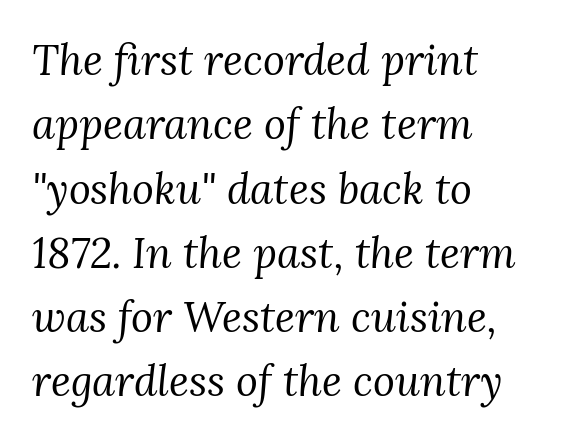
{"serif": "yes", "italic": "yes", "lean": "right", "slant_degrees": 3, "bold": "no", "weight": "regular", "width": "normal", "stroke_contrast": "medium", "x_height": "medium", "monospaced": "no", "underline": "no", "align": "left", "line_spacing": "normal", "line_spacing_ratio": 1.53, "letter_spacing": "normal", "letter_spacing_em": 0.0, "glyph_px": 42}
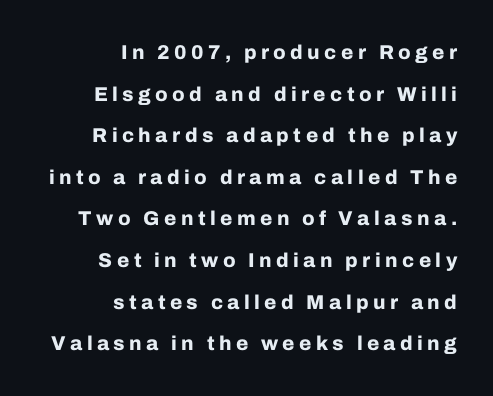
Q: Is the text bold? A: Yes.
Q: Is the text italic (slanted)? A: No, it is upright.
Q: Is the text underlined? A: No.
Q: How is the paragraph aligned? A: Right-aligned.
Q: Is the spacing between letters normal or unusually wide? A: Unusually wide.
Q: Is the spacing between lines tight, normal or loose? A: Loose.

----

- [TASK BRIEF]:
Lines with "between" in the records: how many are there? Give only the number.

- [RESPONSE TO THE EXERCISE]:
2